2 Department of Pharmacy, Aurora BayCare Medical Center, Green Bay, WI, USA.



To improve allergy history documentation and increase the use of beta-lactams when appropriate in patients with a reported beta-lactam allergy.


This pre-post study was conducted at a 167-bed tertiary care community hospital and evaluated multidisciplinary interventions on allergy documentation and antibiotic selection. Interventions included education, creation of local practice guidelines, and modified practices for pharmacists and pharmacy technicians. Inpatients with a reported beta-lactam allergy receiving at least 1 antibiotic for >24 hours were included; first admissions were assessed. Primary outcomes were documentation of reaction type and percentage of patients receiving non-beta-lactam therapy. Secondary outcomes included documentation of previously tolerated beta-lactams, modification of non-beta-lactam therapy, discharge antibiotics, and adverse reactions.
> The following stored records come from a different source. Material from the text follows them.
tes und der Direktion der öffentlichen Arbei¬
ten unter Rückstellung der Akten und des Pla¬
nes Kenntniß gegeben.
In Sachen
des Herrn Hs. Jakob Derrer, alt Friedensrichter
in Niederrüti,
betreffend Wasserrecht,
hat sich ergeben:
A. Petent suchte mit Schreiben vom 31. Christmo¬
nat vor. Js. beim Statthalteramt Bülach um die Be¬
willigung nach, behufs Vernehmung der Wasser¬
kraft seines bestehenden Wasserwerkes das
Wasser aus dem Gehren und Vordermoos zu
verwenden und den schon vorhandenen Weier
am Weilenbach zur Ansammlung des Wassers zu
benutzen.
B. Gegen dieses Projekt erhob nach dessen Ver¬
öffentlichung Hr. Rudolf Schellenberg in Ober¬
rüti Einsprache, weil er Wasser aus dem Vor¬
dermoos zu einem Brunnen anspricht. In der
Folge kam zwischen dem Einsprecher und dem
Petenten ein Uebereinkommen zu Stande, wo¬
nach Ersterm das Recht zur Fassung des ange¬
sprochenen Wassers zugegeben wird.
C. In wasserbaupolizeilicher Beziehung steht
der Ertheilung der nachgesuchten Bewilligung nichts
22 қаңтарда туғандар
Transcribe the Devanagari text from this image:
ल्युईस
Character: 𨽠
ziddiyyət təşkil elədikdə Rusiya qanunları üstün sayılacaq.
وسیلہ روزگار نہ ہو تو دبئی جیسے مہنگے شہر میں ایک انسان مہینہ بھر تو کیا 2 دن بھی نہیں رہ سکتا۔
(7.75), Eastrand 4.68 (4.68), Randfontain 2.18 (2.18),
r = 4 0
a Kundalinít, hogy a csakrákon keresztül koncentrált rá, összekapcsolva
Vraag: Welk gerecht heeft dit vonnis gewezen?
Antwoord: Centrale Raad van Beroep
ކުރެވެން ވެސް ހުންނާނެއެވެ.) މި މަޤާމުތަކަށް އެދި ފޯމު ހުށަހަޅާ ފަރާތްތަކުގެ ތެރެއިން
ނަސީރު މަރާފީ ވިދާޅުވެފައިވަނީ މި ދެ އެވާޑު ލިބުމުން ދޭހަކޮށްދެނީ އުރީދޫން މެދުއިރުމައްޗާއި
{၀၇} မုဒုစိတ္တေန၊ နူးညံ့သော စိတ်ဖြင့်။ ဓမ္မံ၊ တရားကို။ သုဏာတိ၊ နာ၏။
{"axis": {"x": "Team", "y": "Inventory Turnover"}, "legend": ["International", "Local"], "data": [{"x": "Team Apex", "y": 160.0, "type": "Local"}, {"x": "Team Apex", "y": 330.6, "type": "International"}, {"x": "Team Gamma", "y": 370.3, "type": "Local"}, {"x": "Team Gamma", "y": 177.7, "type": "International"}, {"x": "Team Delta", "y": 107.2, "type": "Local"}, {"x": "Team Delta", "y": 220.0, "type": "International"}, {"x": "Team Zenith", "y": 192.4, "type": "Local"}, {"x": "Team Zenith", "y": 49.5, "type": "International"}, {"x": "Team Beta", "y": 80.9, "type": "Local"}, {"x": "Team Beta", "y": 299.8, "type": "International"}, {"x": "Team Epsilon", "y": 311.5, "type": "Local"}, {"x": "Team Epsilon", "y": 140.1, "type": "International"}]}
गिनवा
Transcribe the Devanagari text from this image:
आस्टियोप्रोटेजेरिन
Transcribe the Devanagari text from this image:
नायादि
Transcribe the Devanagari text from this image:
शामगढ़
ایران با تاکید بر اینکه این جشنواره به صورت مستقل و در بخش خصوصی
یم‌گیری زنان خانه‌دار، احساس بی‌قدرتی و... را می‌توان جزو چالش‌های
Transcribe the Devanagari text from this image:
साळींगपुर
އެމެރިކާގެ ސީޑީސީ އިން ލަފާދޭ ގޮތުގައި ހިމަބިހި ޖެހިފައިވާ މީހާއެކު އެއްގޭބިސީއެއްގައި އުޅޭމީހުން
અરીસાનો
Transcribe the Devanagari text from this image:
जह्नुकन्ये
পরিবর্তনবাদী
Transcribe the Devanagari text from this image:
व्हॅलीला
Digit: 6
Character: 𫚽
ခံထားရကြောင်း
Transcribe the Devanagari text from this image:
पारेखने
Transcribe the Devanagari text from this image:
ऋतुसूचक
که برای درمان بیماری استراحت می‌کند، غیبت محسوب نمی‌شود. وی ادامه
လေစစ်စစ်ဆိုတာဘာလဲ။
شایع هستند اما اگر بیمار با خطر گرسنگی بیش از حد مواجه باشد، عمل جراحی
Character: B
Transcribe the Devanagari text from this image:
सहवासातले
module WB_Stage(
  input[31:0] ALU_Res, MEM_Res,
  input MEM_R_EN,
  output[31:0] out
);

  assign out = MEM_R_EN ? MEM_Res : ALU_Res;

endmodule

A total of 179 patients were included, 91 preintervention and 88 postintervention. No significant differences were observed between the before versus after groups in the percentage of patients with documentation of reaction type (90.1% vs 89.8%, P = .940) or the overall percentage of patients receiving non-beta-lactams (86.8% vs 84.1%, P = .605). However, significantly more patients in the after phase had documentation of previously tolerated beta-lactams (8.8% vs 28.4%, P = .001), and among patients receiving a non-beta-lactam, a greater percentage was subsequently switched to a beta-lactam (11.4% vs 25.7%, P = .022). One allergic reaction was documented during the study, which occurred in the before phase.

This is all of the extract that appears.